Chris Bush

No. 87
- Position: Wide receiver

Personal information
- Born: July 22, 1981 (age 44) Metairie, Louisiana, U.S.
- Height: 6 ft 1 in (1.85 m)
- Weight: 193 lb (88 kg)

Career information
- High school: East St. John (Reserve, Louisiana)
- College: Tulane (2000–2004)
- NFL draft: 2005: undrafted

Career history
- Tennessee Titans (2005)*; BC Lions (2006);
- * Offseason and/or practice squad member only

= Chris Bush (gridiron football) =

American gridiron football player (born 1981)

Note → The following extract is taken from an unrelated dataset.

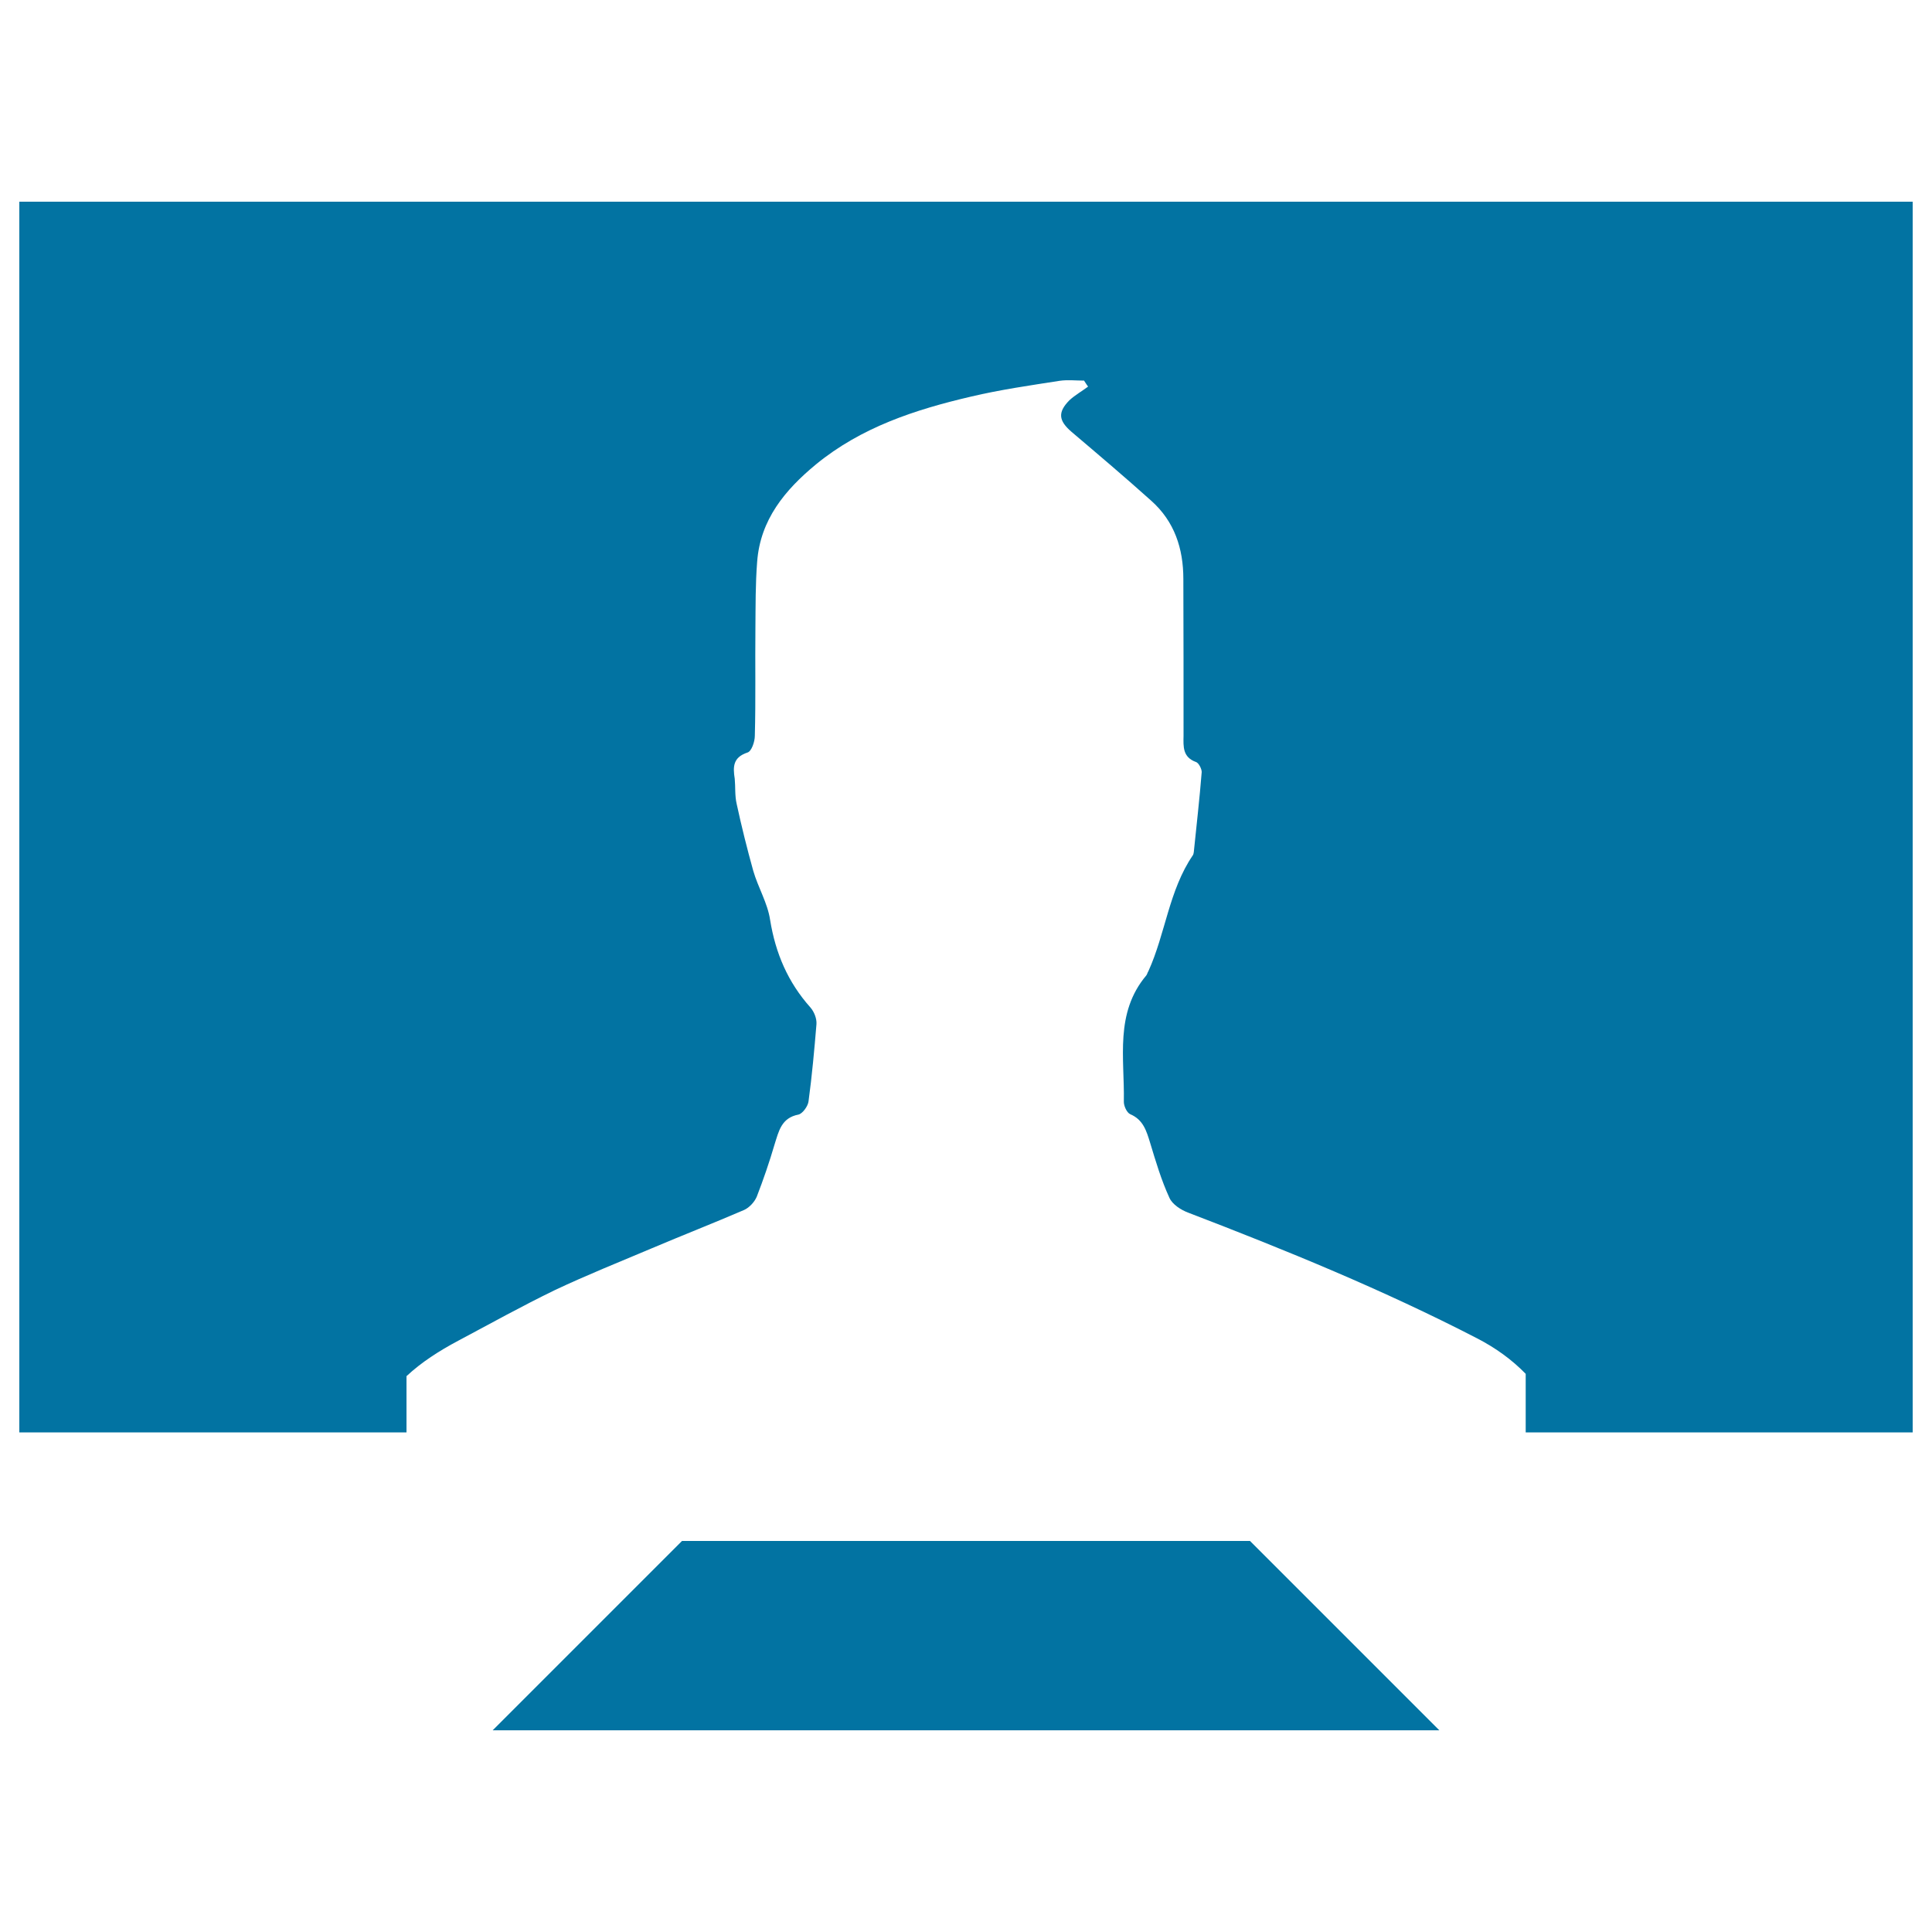 <svg xmlns="http://www.w3.org/2000/svg" viewBox="0 0 1000 1000" style="fill:#0273a2">
<title>Television SVG icon</title>
<g><g><polygon points="647,797.6 353,797.6 255,895.6 745,895.6 "/><path d="M10,104.4v637h200.4v-29.1c7.7-7.2,16.9-13.1,26.7-18.3c16.7-8.9,33.1-18,50-26.2c16.5-7.8,33.5-14.6,50.3-21.7c15.8-6.7,31.9-13,47.7-19.8c2.7-1.2,5.4-4.1,6.6-6.9c3.4-8.8,6.5-17.8,9.2-27c2.2-6.9,3.5-13.8,12.4-15.5c2.1-0.5,4.9-4.3,5.2-6.9c1.8-13.3,3-26.6,4.1-39.9c0.2-2.9-1.2-6.4-3.1-8.6c-11.7-13.1-18.1-28.1-20.9-45.4c-1.3-8.7-6.2-16.7-8.7-25.3c-3.2-11.5-6.1-23.1-8.6-34.7c-1-4.2-0.6-8.8-1-13c-1-6.3-0.9-11.1,6.6-13.6c2.1-0.6,3.8-5.6,3.8-8.7c0.5-18.6,0.1-37.2,0.3-55.8c0.1-11.4,0-22.9,0.9-34.2c1.6-21.8,14.4-37.2,30.4-50.4c23.5-19.3,51.5-28.4,80.2-35.1c15.2-3.6,30.6-5.8,46-8.2c4.2-0.6,8.3-0.1,12.6-0.1c0.7,1,1.3,2.1,2.1,3.1c-3.2,2.4-6.8,4.4-9.7,7.1c-6.2,6.3-5.5,10.6,1.1,16.3c13.9,11.8,27.7,23.5,41.3,35.7c12,10.7,16.6,24.7,16.6,40.5c0.1,27.1,0.1,54.1,0.1,81.2c-0.1,5.5-0.5,11,6.4,13.5c1.4,0.4,3,3.5,3,5.2c-1.1,13.9-2.7,27.7-4.1,41.5c-0.1,0.5-0.2,1.2-0.5,1.6c-12.4,18.2-14.1,40.4-23,60c-0.5,0.7-0.6,1.6-1.1,2.2c-16.4,19.5-11.2,42.8-11.6,65.2c-0.1,2.2,1.5,5.8,3.3,6.6c6.8,2.9,8.4,8.7,10.3,14.8c2.9,9.6,5.8,19.4,10,28.5c1.5,3.4,6,6.3,9.8,7.7c50.6,19.4,101,40,149.4,65c9.7,5,18.1,11.1,25.2,18.4v30.3H990v-637L10,104.4L10,104.4z"/></g></g>
</svg>

Chris Bush (born July 22, 1981) is an American former football wide receiver. He played college football for the Tulane Green Wave, and professionally for the BC Lions of the Canadian Football League (CFL).

==Biography==
Bush was born in Metairie, Louisiana and attended East St. John High School in Reserve, Louisiana. He was named All-River Parish while catching 94 passes for 1,260 yards and 35 touchdowns. He was also All-State in both long jump and triple jump.

Bush played college football at Tulane University as a wide receiver. In his final year there, he started 20 games for Tulane catching 37 passes for an average of 18 yards per reception. After college, Bush was signed by the Tennessee Titans of the National Football League as an undrafted free agent, but was released in August 2005. He subsequently signed with the BC Lions of the Canadian Football League (CFL) in May 2006. He dressed in four games for the Lions during the 2006 CFL season before being released in August 2006.